After successfully authenticating, you will be redirected back to the connector website so that it can capture the access and refresh tokens required for successful crawling

Configure the Connection

Once the tokens obtained, you are now ready to configure the connection.

The same general configuration options as above apply to the oAuth authentication module.

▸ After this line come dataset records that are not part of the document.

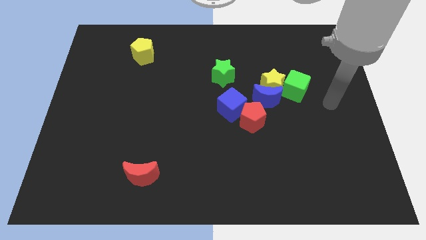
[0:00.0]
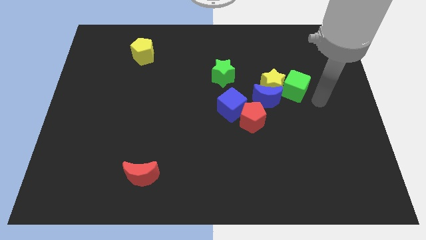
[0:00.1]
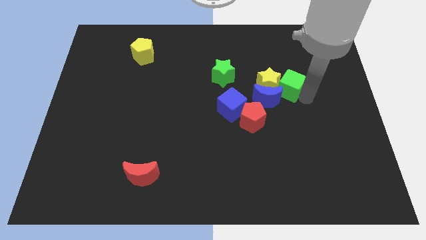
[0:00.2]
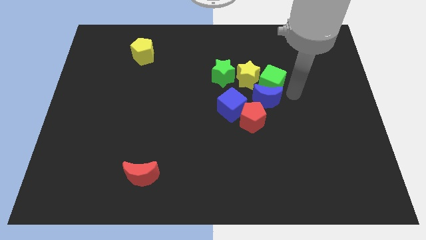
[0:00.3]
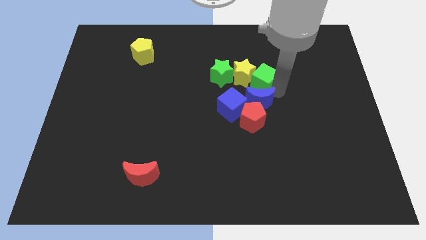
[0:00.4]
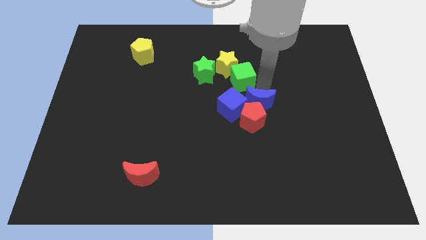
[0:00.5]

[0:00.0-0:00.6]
move the yellow star away from the blue moon and green cube

However, this module has 2 additional settings to specify:

ClientID: You must specify here the same client ID as you specified when you obtained the oAuth token
Settings:
- The JSON contains the same settings as above
- You must add a oAuthInitializationPage field to the settings JSON.
  The value must be the url of the page which will initialize the website with the access or ID token provided by the connector.
  The initialization page must save the ID and/or refresh token in the appropriate place in the browser (local storage, cookie, etc.) in order for the authentication to complete and for any requests to be considered valid by the server hosting the application.
  The syntax for this URL is as follows:
  - http://<url of the website to crawl>/<custom page used to authenticate based on the token received>?access={AccessToken}&idToken={IdToken}
  - Example: http://localhost:3000/oAuthInitialization?access={AccessToken}&idToken={IdToken}

See Okta configuration example: oAuth Setup Example

Content Configuration Specifics

The connector does not extract the meta tags from the HTML pages crawled.

Instead, please configure Connectivity Hub to extract the tags.
Please refer to the ConnectivityHub documentation on how to extract metadata from indexed documents.